No way would I ever use any form of contact paper on any table top.
Just not going to hold up.
There's also no way to get it to conform to a rounded edge.


----------



## lemon2891 (Oct 2, 2014)

joecaption said:


> No way would I ever use any form of contact paper on any table top.
> Just not going to hold up.
> There's also no way to get it to conform to a rounded edge.


What would you suggest instead to get a stone or other faux finish look?


----------



## Chance93 (Oct 7, 2014)

They sell paint kits that I have heard work well, I'd do a quick google search for it  also, I know they make faux marble kits to redo kitchen counters.


----------



## ddawg16 (Aug 15, 2011)

Why not get real stone? I think you would be surprised at how cheap it might be.


----------



## Two Knots (Nov 12, 2011)

I'm not clear on this?
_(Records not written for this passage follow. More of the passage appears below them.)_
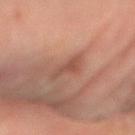The lesion was tiled from a total-body skin photograph and was not biopsied. On the right forearm. A roughly 15 mm field-of-view crop from a total-body skin photograph. A female patient, aged around 65. About 3 mm across. Imaged with cross-polarized lighting.
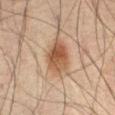A region of skin cropped from a whole-body photographic capture, roughly 15 mm wide. The lesion is located on the back. The subject is a male aged 68–72. About 4.5 mm across. The tile uses cross-polarized illumination. Automated tile analysis of the lesion measured a classifier nevus-likeness of about 95/100.
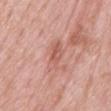Clinical summary:
The tile uses white-light illumination. On the mid back. A region of skin cropped from a whole-body photographic capture, roughly 15 mm wide. The lesion's longest dimension is about 5 mm. Automated image analysis of the tile measured a classifier nevus-likeness of about 0/100 and lesion-presence confidence of about 95/100. The patient is a female aged 58–62.
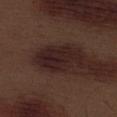biopsy status: catalogued during a skin exam; not biopsied
size: ≈6 mm
tile lighting: white-light illumination
patient: male, aged approximately 70
automated lesion analysis: a shape eccentricity near 0.85 and a symmetry-axis asymmetry near 0.35; an average lesion color of about L≈21 a*≈17 b*≈16 (CIELAB), a lesion–skin lightness drop of about 8, and a lesion-to-skin contrast of about 11 (normalized; higher = more distinct); a lesion-detection confidence of about 100/100
acquisition: total-body-photography crop, ~15 mm field of view
anatomic site: the left thigh
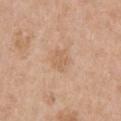biopsy_status: not biopsied; imaged during a skin examination
patient:
  sex: male
  age_approx: 65
automated_metrics:
  cielab_L: 62
  cielab_a: 18
  cielab_b: 34
  vs_skin_darker_L: 6.0
  vs_skin_contrast_norm: 4.5
  color_variation_0_10: 1.5
  peripheral_color_asymmetry: 0.5
site: chest
image:
  source: total-body photography crop
  field_of_view_mm: 15
lesion_size:
  long_diameter_mm_approx: 2.5
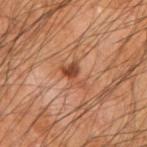Part of a total-body skin-imaging series; this lesion was reviewed on a skin check and was not flagged for biopsy.
A male patient, aged approximately 65.
From the right upper arm.
This is a cross-polarized tile.
A 15 mm close-up extracted from a 3D total-body photography capture.
The lesion's longest dimension is about 3.5 mm.
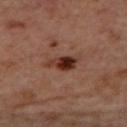Assessment: Imaged during a routine full-body skin examination; the lesion was not biopsied and no histopathology is available. Acquisition and patient details: A female subject aged around 45. The lesion is located on the back. An algorithmic analysis of the crop reported a footprint of about 5.5 mm², an outline eccentricity of about 0.9 (0 = round, 1 = elongated), and a symmetry-axis asymmetry near 0.3. It also reported a lesion color around L≈31 a*≈22 b*≈27 in CIELAB and a lesion–skin lightness drop of about 13. The software also gave a border-irregularity index near 3.5/10, a within-lesion color-variation index near 6/10, and radial color variation of about 2. And it measured a classifier nevus-likeness of about 95/100 and a detector confidence of about 100 out of 100 that the crop contains a lesion. Measured at roughly 4 mm in maximum diameter. A region of skin cropped from a whole-body photographic capture, roughly 15 mm wide. The tile uses cross-polarized illumination.
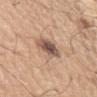Assessment:
No biopsy was performed on this lesion — it was imaged during a full skin examination and was not determined to be concerning.
Clinical summary:
Automated tile analysis of the lesion measured a symmetry-axis asymmetry near 0.2. The software also gave border irregularity of about 3 on a 0–10 scale, a color-variation rating of about 7.5/10, and radial color variation of about 2. The tile uses white-light illumination. The patient is a male in their 60s. About 4 mm across. From the left upper arm. A 15 mm close-up extracted from a 3D total-body photography capture.
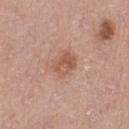Clinical impression:
This lesion was catalogued during total-body skin photography and was not selected for biopsy.
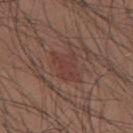Part of a total-body skin-imaging series; this lesion was reviewed on a skin check and was not flagged for biopsy.
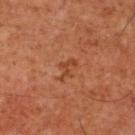{"biopsy_status": "not biopsied; imaged during a skin examination", "image": {"source": "total-body photography crop", "field_of_view_mm": 15}, "patient": {"sex": "male", "age_approx": 60}, "lighting": "cross-polarized", "lesion_size": {"long_diameter_mm_approx": 2.5}, "automated_metrics": {"area_mm2_approx": 2.5, "eccentricity": 0.85, "shape_asymmetry": 0.8, "color_variation_0_10": 0.0, "peripheral_color_asymmetry": 0.0, "nevus_likeness_0_100": 0, "lesion_detection_confidence_0_100": 100}, "site": "chest"}
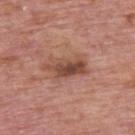image source: ~15 mm tile from a whole-body skin photo | location: the upper back | subject: male, roughly 75 years of age | illumination: white-light | diameter: ≈5 mm.
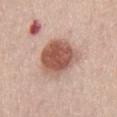The lesion was photographed on a routine skin check and not biopsied; there is no pathology result.
The lesion's longest dimension is about 5 mm.
Imaged with white-light lighting.
The lesion is on the chest.
The patient is a male aged 53 to 57.
A roughly 15 mm field-of-view crop from a total-body skin photograph.
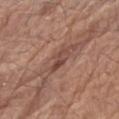{
  "biopsy_status": "not biopsied; imaged during a skin examination",
  "automated_metrics": {
    "area_mm2_approx": 4.0,
    "eccentricity": 0.95,
    "shape_asymmetry": 0.4,
    "border_irregularity_0_10": 5.0,
    "color_variation_0_10": 0.0,
    "nevus_likeness_0_100": 0
  },
  "site": "arm",
  "lighting": "white-light",
  "lesion_size": {
    "long_diameter_mm_approx": 3.5
  },
  "image": {
    "source": "total-body photography crop",
    "field_of_view_mm": 15
  },
  "patient": {
    "sex": "male",
    "age_approx": 70
  }
}
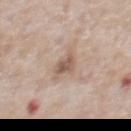Impression: This lesion was catalogued during total-body skin photography and was not selected for biopsy. Acquisition and patient details: A 15 mm close-up tile from a total-body photography series done for melanoma screening. A male subject, approximately 60 years of age. Automated image analysis of the tile measured an average lesion color of about L≈56 a*≈16 b*≈25 (CIELAB), a lesion–skin lightness drop of about 10, and a lesion-to-skin contrast of about 7 (normalized; higher = more distinct). And it measured a border-irregularity index near 3/10, a within-lesion color-variation index near 2.5/10, and radial color variation of about 1. On the front of the torso. Longest diameter approximately 3 mm.
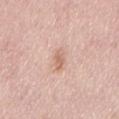Context:
Automated image analysis of the tile measured an area of roughly 3.5 mm², an eccentricity of roughly 0.9, and a symmetry-axis asymmetry near 0.2. It also reported roughly 9 lightness units darker than nearby skin and a normalized border contrast of about 6. And it measured border irregularity of about 2.5 on a 0–10 scale, internal color variation of about 1.5 on a 0–10 scale, and radial color variation of about 0.5. It also reported a classifier nevus-likeness of about 5/100 and a detector confidence of about 100 out of 100 that the crop contains a lesion. A lesion tile, about 15 mm wide, cut from a 3D total-body photograph. The lesion is on the mid back. The tile uses white-light illumination. The subject is a male aged 53–57. About 3 mm across.
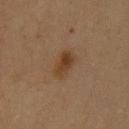| field | value |
|---|---|
| biopsy status | no biopsy performed (imaged during a skin exam) |
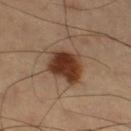This lesion was catalogued during total-body skin photography and was not selected for biopsy.
The patient is a male roughly 60 years of age.
This image is a 15 mm lesion crop taken from a total-body photograph.
Approximately 4.5 mm at its widest.
Located on the right thigh.
The total-body-photography lesion software estimated a lesion area of about 14 mm², a shape eccentricity near 0.4, and two-axis asymmetry of about 0.2. The analysis additionally found a mean CIELAB color near L≈36 a*≈20 b*≈29, about 15 CIELAB-L* units darker than the surrounding skin, and a lesion-to-skin contrast of about 12.5 (normalized; higher = more distinct). The software also gave a border-irregularity index near 2/10, a within-lesion color-variation index near 5/10, and peripheral color asymmetry of about 1.5. The software also gave an automated nevus-likeness rating near 100 out of 100.
Imaged with cross-polarized lighting.
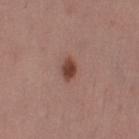<case>
  <patient>
    <sex>female</sex>
    <age_approx>50</age_approx>
  </patient>
  <image>
    <source>total-body photography crop</source>
    <field_of_view_mm>15</field_of_view_mm>
  </image>
  <site>left thigh</site>
  <lighting>white-light</lighting>
</case>
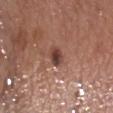No biopsy was performed on this lesion — it was imaged during a full skin examination and was not determined to be concerning.
Measured at roughly 2.5 mm in maximum diameter.
The tile uses white-light illumination.
The lesion is located on the chest.
Cropped from a total-body skin-imaging series; the visible field is about 15 mm.
A male patient, approximately 55 years of age.
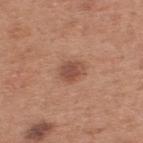Part of a total-body skin-imaging series; this lesion was reviewed on a skin check and was not flagged for biopsy. Located on the upper back. Captured under white-light illumination. About 3 mm across. A 15 mm close-up tile from a total-body photography series done for melanoma screening. A male patient, about 55 years old.
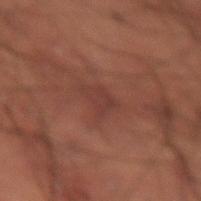Clinical summary:
From the lower back. Imaged with cross-polarized lighting. The lesion's longest dimension is about 3 mm. A male subject, in their 50s. A 15 mm crop from a total-body photograph taken for skin-cancer surveillance.
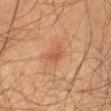No biopsy was performed on this lesion — it was imaged during a full skin examination and was not determined to be concerning. The total-body-photography lesion software estimated a border-irregularity index near 4/10, internal color variation of about 1.5 on a 0–10 scale, and radial color variation of about 0.5. The analysis additionally found an automated nevus-likeness rating near 10 out of 100 and a lesion-detection confidence of about 100/100. A close-up tile cropped from a whole-body skin photograph, about 15 mm across. Approximately 2.5 mm at its widest. On the front of the torso. A male subject in their 60s. The tile uses cross-polarized illumination.
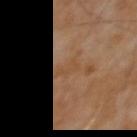biopsy status: catalogued during a skin exam; not biopsied
image source: 15 mm crop, total-body photography
size: ≈3 mm
subject: male, aged 63 to 67
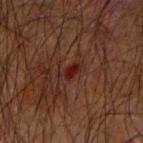<case>
  <biopsy_status>not biopsied; imaged during a skin examination</biopsy_status>
  <image>
    <source>total-body photography crop</source>
    <field_of_view_mm>15</field_of_view_mm>
  </image>
  <lighting>cross-polarized</lighting>
  <site>right upper arm</site>
  <patient>
    <sex>male</sex>
    <age_approx>65</age_approx>
  </patient>
</case>

Firstly, what does the other bedside table look like?

Secondly, the round marble piece you pictured, is that something you already have? ...does it have a marble top? 

Is the round wood that you purchased -- plywood with raw sides? 

Post a pic of the other table, I have an idea for you...also, what color are
the walls, drapes, shades, bedding etc...


----------